Dimensions (optional separate tables if needed for normalization/readability):

org, asn, framework, category, survey, country, sector, cve.

6. OLAP-Backed Queries and Tools

6.1 Human-Facing and Dashboard Queries

Backed directly by ClickHouse:

New high-severity findings since last check, grouped by category, framework.
Auth-off rate per platform_class over last 90 days (per day/week).
Exposure snapshot for a given org_id/asn/cidr:
- Counts by category, severity, status.
- Time series of new vs. closed.
Disclosure pipeline state:
- status in ('open','in_progress') AND disclosure_sent=false grouped by severity, framework, sector.
Multi-category operators:
- Group by org_id, count_distinct(category) >= 2.
Re-probe staleness queue:
- status != 'closed' AND last_verified_at < now() - N days, sorted by risk score.
CVE distribution:
- Group by cve_id, framework, category over status='open'.

6.2 LLM/AI-Backed Tools (Additions)

New tools that call OLAP instead of SQLite directly:

get_auth_off_rates(window, group_by)
get_population_trends(framework, window)
get_operator_exposure(org_or_asn_or_cidr)
get_disclosure_backlog(group_by)
get_multi_category_operators(min_categories)
get_reprobe_candidates(N_days)
get_cve_distribution(filter)

These are additive to existing per-finding tools:

get_findings, get_finding_history
aimap_fingerprint, visorgraph_pivot
nuclide_contact, bare_rank
visorscuba_score, visorcorpus_generate
draft_disclosure, cluster_find

LLM agents can now perform both:

Local reasoning (per finding), and
Population-tier reasoning (rates, trends, cross-operator patterns).

7. Decision Logic and Cadences Using OLAP

Active exploitation alerts:
- OLAP query over last 5–15 minutes for findings with exploitation indicators; drive pages.
New high-severity dashboards:
- Hourly sync from SQLite → ClickHouse; dashboards query “since last check”.
Daily/weekly auth-off-rate and population-thesis jobs:
- Scheduled OLAP queries → reports and maintainer-facing evidence packs.
Hourly drift:
- OLAP-driven get_reprobe_candidates(N_days) → scheduler.
Disclosure status:
- Changes in nuclide.db mirrored into OLAP within ~10 minutes → up-to-date pipeline views.

8. Migration and Safety Considerations

ClickHouse is a mirror, not a replacement:
- All authoritative state remains in SQLite + raw artifacts.
- OLAP ingestion is idempotent and recoverable from SQLite and evidence packs.
The system already surveys ClickHouse for exposure:
- Apply same standards internally: no unauthenticated exposure of analytic cluster.
OLAP failure modes:
- If ClickHouse is down or lagging:
  - Per-finding tools and disclosures continue from SQLite.
  - Population-level views degrade gracefully (stale/absent analytics).

9. Companion Documents

reference/olap-schema-clickhouse.sql, concrete CREATE TABLE sketches for ClickHouse fact + dimensions.
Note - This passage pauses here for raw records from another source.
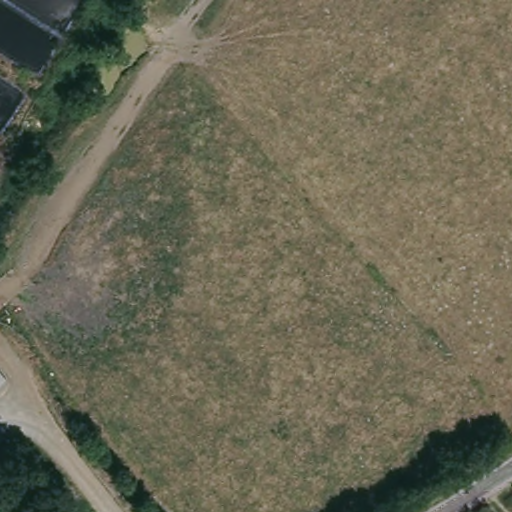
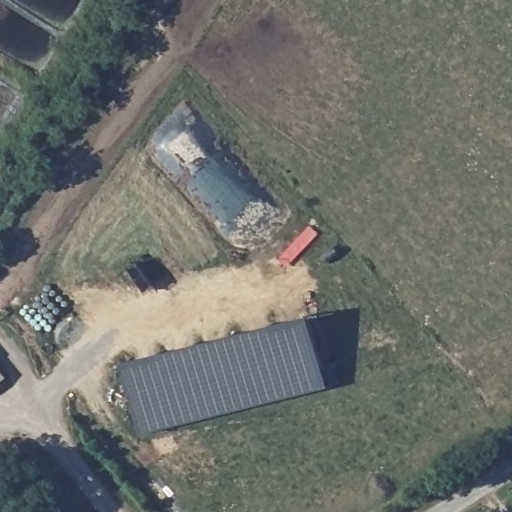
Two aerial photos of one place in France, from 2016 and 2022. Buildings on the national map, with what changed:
new [(125,361),(311,313),(328,386),(143,433),(125,361)]
unchanged [(12,375),(0,384),(0,361),(12,375)]
unchanged [(19,470),(6,481),(0,473),(0,449),(19,470)]

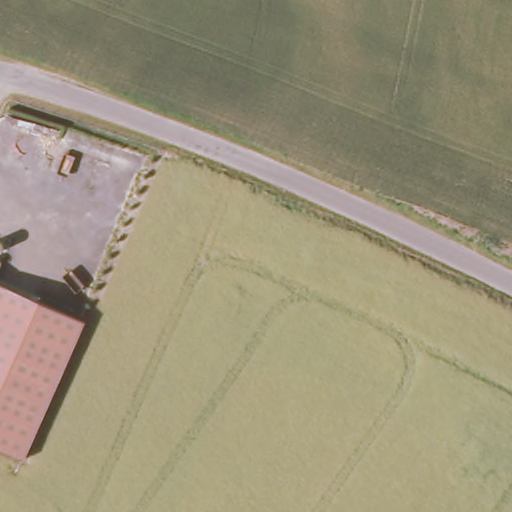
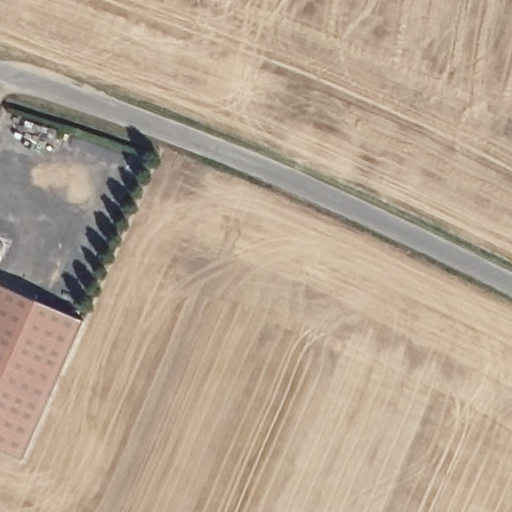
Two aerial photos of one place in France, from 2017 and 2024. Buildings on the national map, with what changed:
unchanged [(22,461),(0,451),(0,286),(82,322),(22,461)]

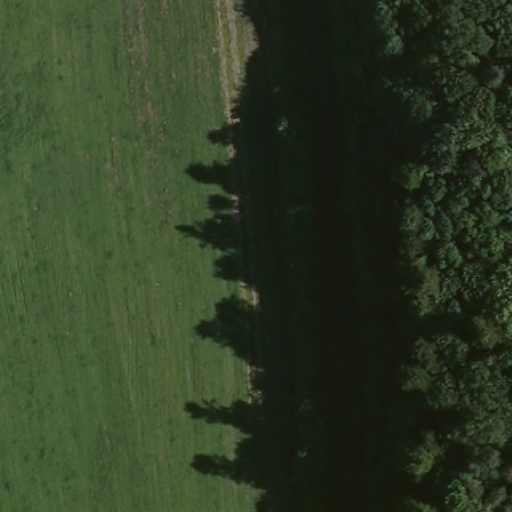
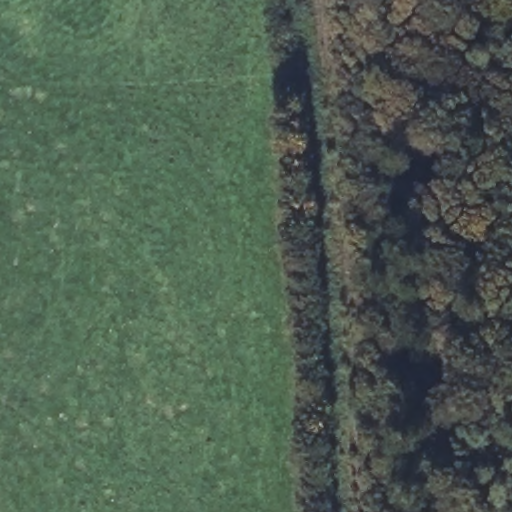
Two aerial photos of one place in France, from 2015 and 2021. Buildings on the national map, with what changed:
[]

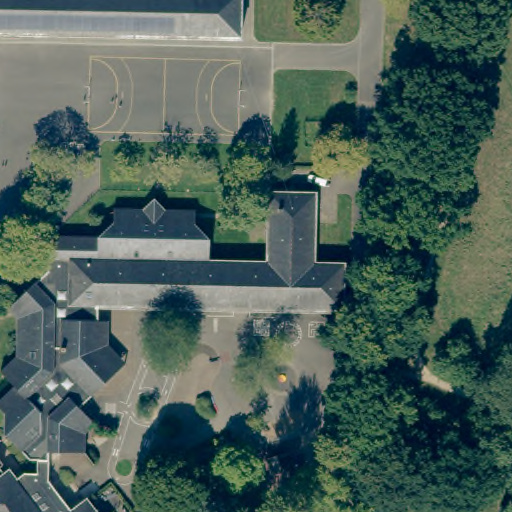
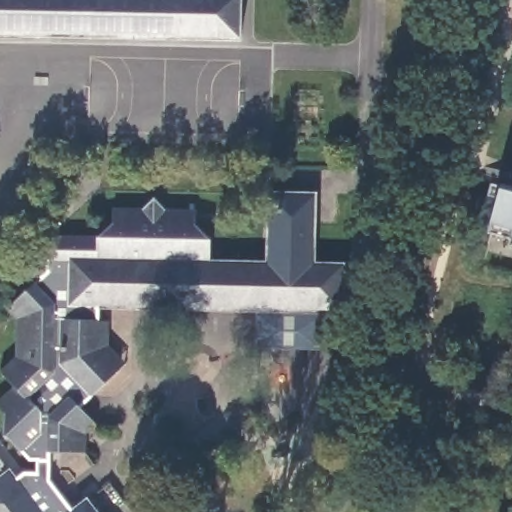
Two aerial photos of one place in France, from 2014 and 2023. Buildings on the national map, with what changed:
unchanged [(177,30),(136,30),(135,33),(133,33),(133,29),(92,29),(91,31),(89,31),(89,29),(49,29),(49,30),(28,30),(28,29),(0,28),(0,0),(238,0),(238,33),(221,33),(221,31),(179,30),(180,33),(177,33),(177,30)]
new [(509,247),(512,238),(489,232),(491,222),(498,197),(497,196),(489,194),(492,183),(500,185),(501,187),(510,189),(512,180),(512,247),(509,247)]
unchanged [(0,469),(5,466),(6,468),(5,469),(11,477),(22,468),(31,470),(31,456),(25,456),(2,431),(1,410),(0,408),(0,391),(9,382),(0,371),(0,363),(13,351),(13,314),(5,304),(36,275),(29,268),(35,254),(45,254),(45,232),(96,233),(109,217),(110,204),(139,204),(150,195),(151,196),(160,205),(191,207),(191,220),(206,237),(205,258),(263,259),(265,189),(311,190),(308,259),(338,260),(338,259),(340,259),(339,309),(319,308),(318,306),(252,305),(252,307),(249,307),(249,304),(226,304),(225,305),(223,305),(223,304),(181,303),(181,304),(179,304),(179,303),(137,302),(136,304),(135,303),(135,302),(96,300),(96,317),(104,318),(103,338),(121,359),(116,364),(75,402),(91,422),(81,429),(81,448),(45,448),(43,478),(66,508),(81,497),(93,512),(0,512),(0,469)]
unchanged [(316,215),(317,191),(333,191),(332,217),(316,215)]
unchanged [(0,458),(0,457),(1,458),(0,458)]

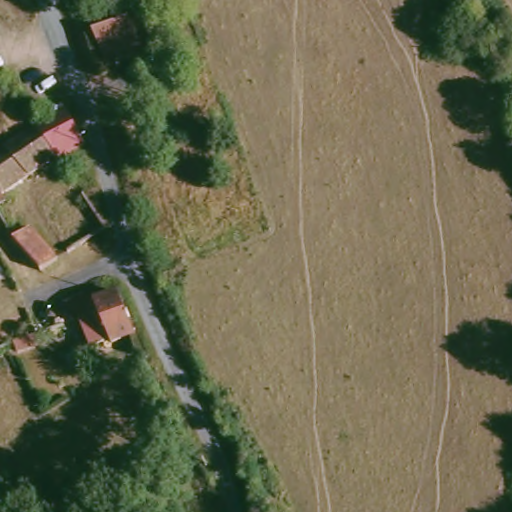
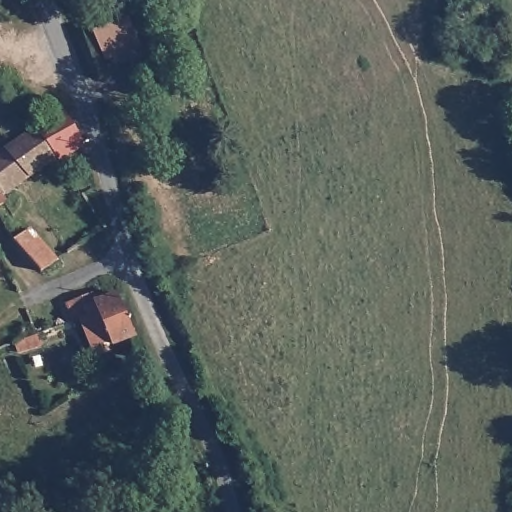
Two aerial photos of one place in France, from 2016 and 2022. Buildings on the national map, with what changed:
unchanged [(126,11),(137,39),(103,53),(91,25),(126,11)]
unchanged [(81,158),(68,167),(61,157),(51,164),(47,159),(28,130),(58,113),(76,138),(81,158)]
unchanged [(0,188),(0,148),(28,130),(47,159),(0,188)]
unchanged [(12,237),(28,226),(55,258),(38,269),(12,237)]
unchanged [(131,335),(108,346),(105,340),(85,349),(74,317),(61,318),(56,299),(83,289),(88,301),(115,291),(131,335)]

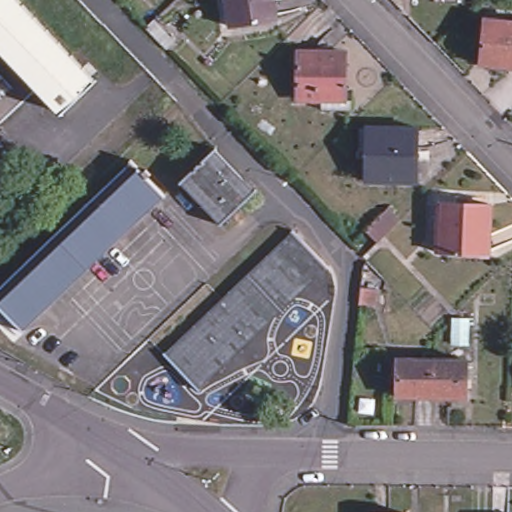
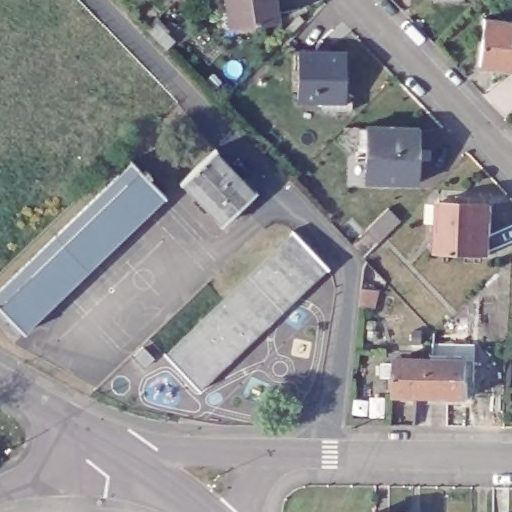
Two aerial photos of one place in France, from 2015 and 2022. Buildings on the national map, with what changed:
demolished [(65,115),(39,87),(0,47),(0,0),(21,0),(100,81),(65,115)]
unchanged [(232,29),(229,0),(277,0),(280,22),(232,29)]
unchanged [(436,4),(436,0),(467,0),(467,4),(436,4)]
unchanged [(180,42),(170,52),(150,31),(160,21),(180,42)]
unchanged [(487,21),(512,23),(512,70),(483,66),(487,21)]
unchanged [(302,55),(352,56),(350,103),(302,102),(302,55)]
unchanged [(375,129),(422,131),(422,188),(373,185),(375,129)]
unchanged [(256,188),(220,223),(218,221),(220,220),(182,180),(180,181),(179,180),(214,146),(215,146),(216,147),(215,148),(253,188),(255,187),(256,188)]
unchanged [(0,304),(0,296),(135,165),(134,163),(135,162),(170,198),(169,200),(167,198),(29,331),(31,333),(30,334),(0,304)]
unchanged [(445,201),(497,204),(495,255),(443,252),(445,201)]
unchanged [(370,235),(392,214),(403,225),(382,246),(367,260),(355,248),(370,235)]
unchanged [(170,354),(172,356),(297,236),(295,234),(297,232),(332,269),(332,270),(331,271),(329,269),(203,389),(205,391),(204,392),(168,355),(170,354)]
unchanged [(403,400),(405,360),(440,361),(440,401),(403,400)]
unchanged [(473,362),(473,402),(440,401),(440,361),(473,362)]

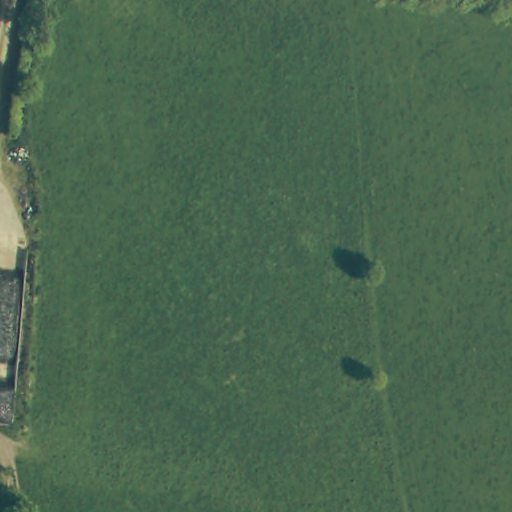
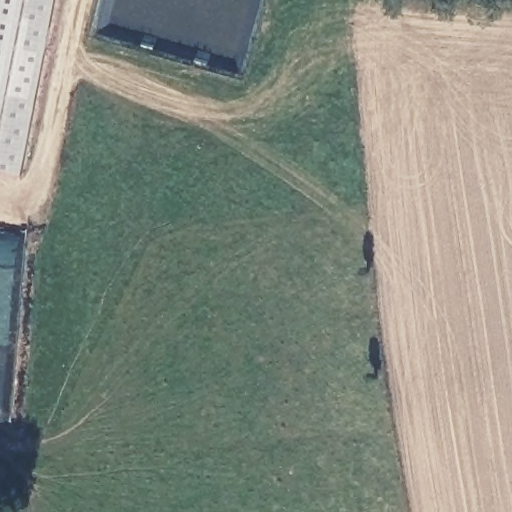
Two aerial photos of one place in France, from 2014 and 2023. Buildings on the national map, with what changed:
new [(24,177),(0,172),(0,0),(58,0),(24,177)]

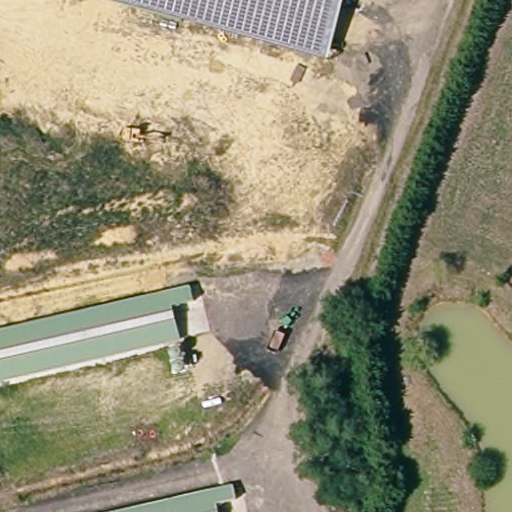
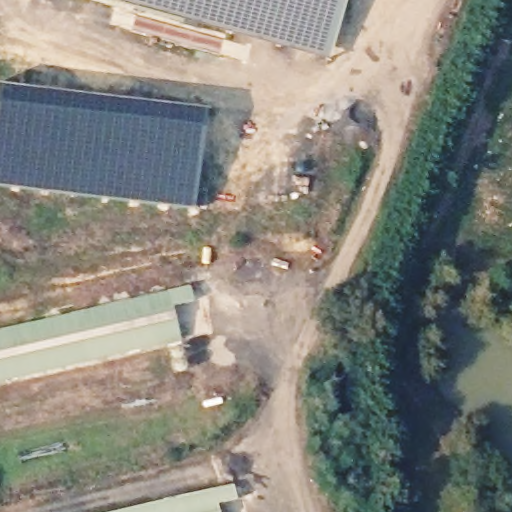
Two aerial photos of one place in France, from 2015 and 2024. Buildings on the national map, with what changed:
unchanged [(123,0),(344,0),(330,54),(123,0)]
new [(120,100),(118,114),(202,127),(195,210),(131,204),(0,187),(0,85),(120,100)]
unchanged [(195,301),(172,306),(181,340),(0,382),(0,329),(190,285),(195,301)]
unchanged [(237,491),(240,503),(220,507),(222,512),(145,512),(237,491)]

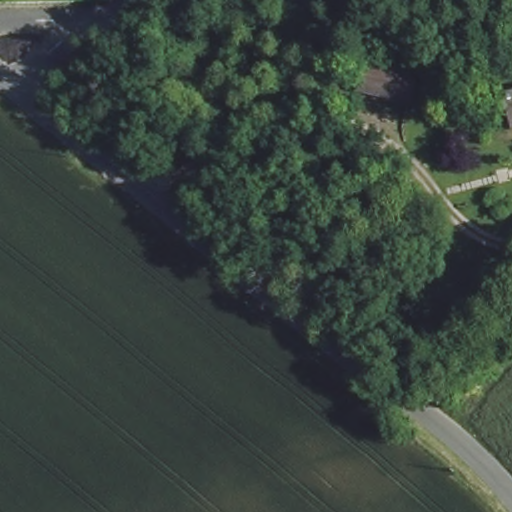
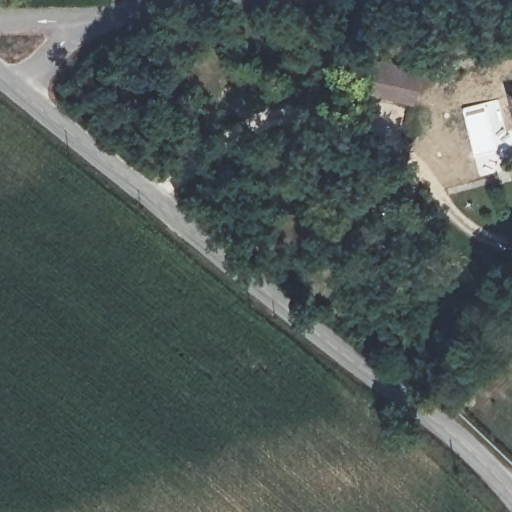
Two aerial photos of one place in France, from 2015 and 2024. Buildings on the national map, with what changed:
unchanged [(365,85),(372,58),(419,71),(410,97),(365,85)]

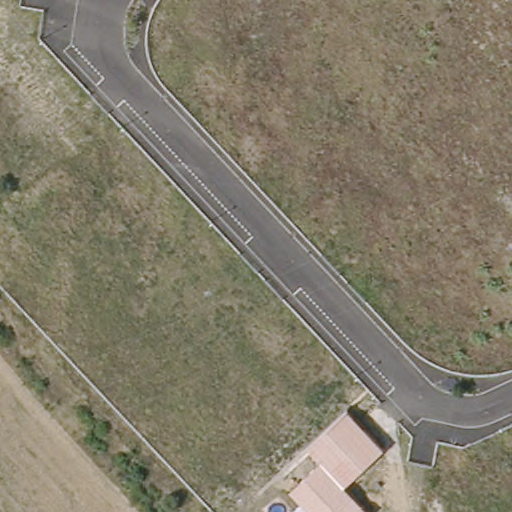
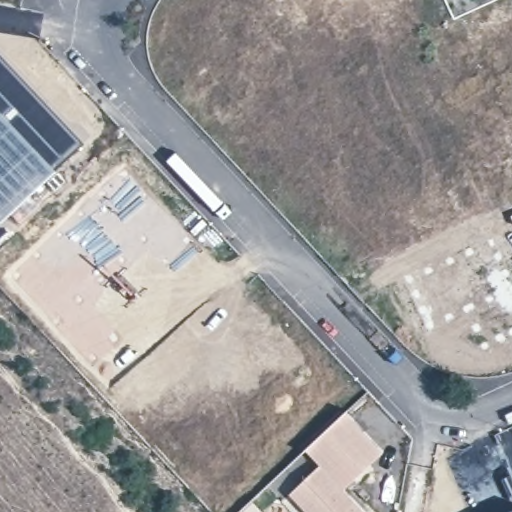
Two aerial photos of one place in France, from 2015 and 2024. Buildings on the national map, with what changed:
new [(80,144),(47,179),(0,223),(0,56),(80,144)]
unchanged [(319,465),(305,451),(345,412),(383,451),(342,488),(364,512),(306,512),(288,493),(319,465)]
new [(512,512),(504,512),(512,508),(512,512)]

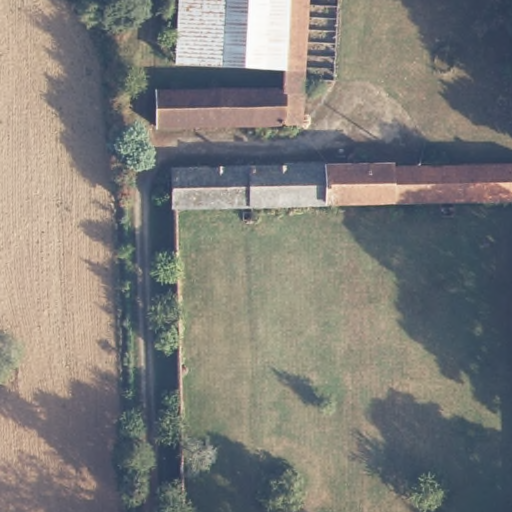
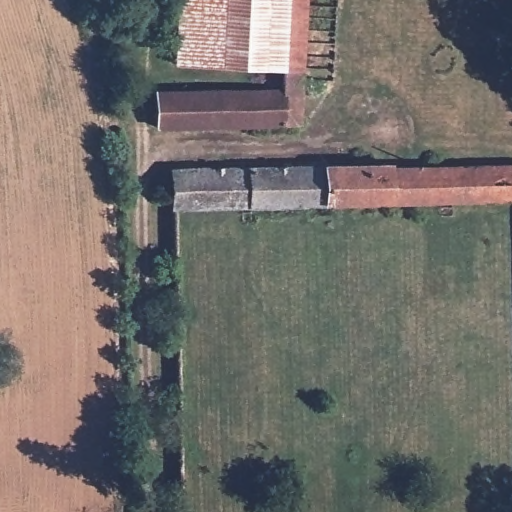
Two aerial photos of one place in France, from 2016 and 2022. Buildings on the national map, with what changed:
unchanged [(285,65),(177,61),(178,0),(287,0),(285,65)]
unchanged [(285,88),(285,65),(287,0),(309,0),(307,127),(283,126),(285,88)]
unchanged [(157,126),(156,84),(226,86),(226,126),(157,126)]
unchanged [(226,126),(226,86),(285,88),(283,126),(226,126)]
unchanged [(172,163),(512,163),(512,205),(173,209),(172,163)]

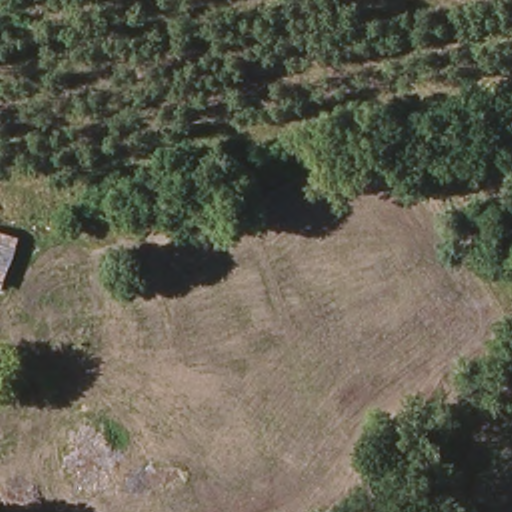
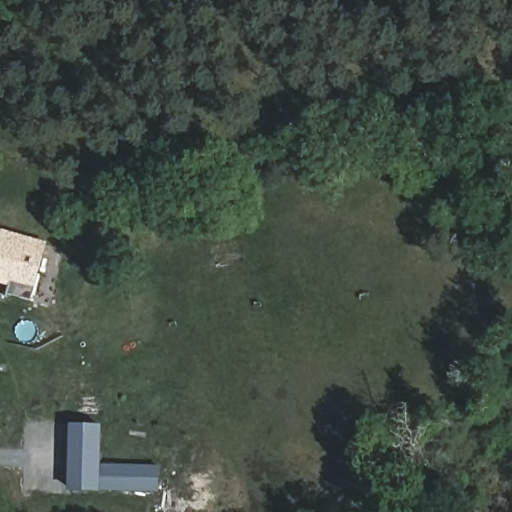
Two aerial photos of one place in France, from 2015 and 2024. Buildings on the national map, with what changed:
demolished [(0,280),(0,231),(16,238),(0,280)]
new [(34,274),(37,275),(29,301),(6,294),(5,296),(3,296),(9,277),(0,275),(0,232),(43,245),(34,274)]
new [(8,282),(0,280),(0,275),(9,277),(8,282)]
demolished [(104,475),(115,475),(114,497),(73,497),(67,428),(104,430),(104,475)]
new [(159,471),(159,495),(73,492),(76,429),(102,430),(101,470),(159,471)]
new [(176,487),(177,476),(211,479),(211,489),(176,487)]

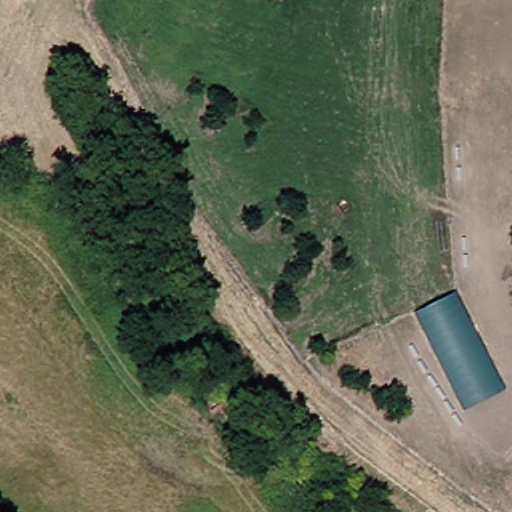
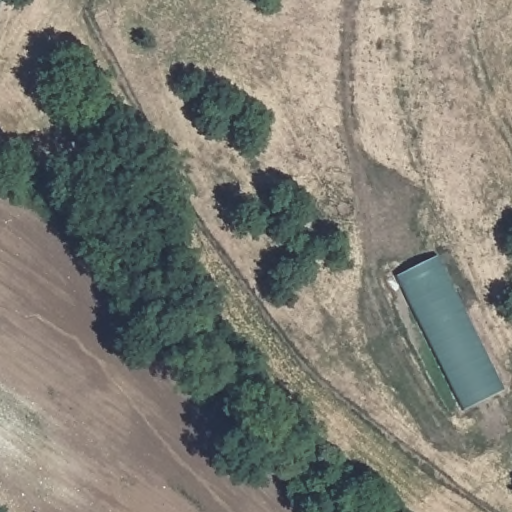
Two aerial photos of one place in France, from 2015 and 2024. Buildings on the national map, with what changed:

Partition keys, sort keys, optional CVE / org / framework dimension tables. Future: materialized views for the Section 6.1 query set.
reference/olap-tools-spec.md, spec for each of the 8 OLAP-backed LLM tools: input schema, output schema, SLO, ClickHouse SQL sketch, fallback behavior when the OLAP layer is unavailable.
reference/olap-migration.md, bootstrap procedure for ClickHouse from nuclide.db + ~/recon, change-detection sync mechanics (high-water mark on updated_at, ReplacingMergeTree for in-place upserts), DuckDB ad-hoc workflow, verification + invariants, security notes (self-dogfooding the survey rules on the analytic cluster), and an implementation checklist.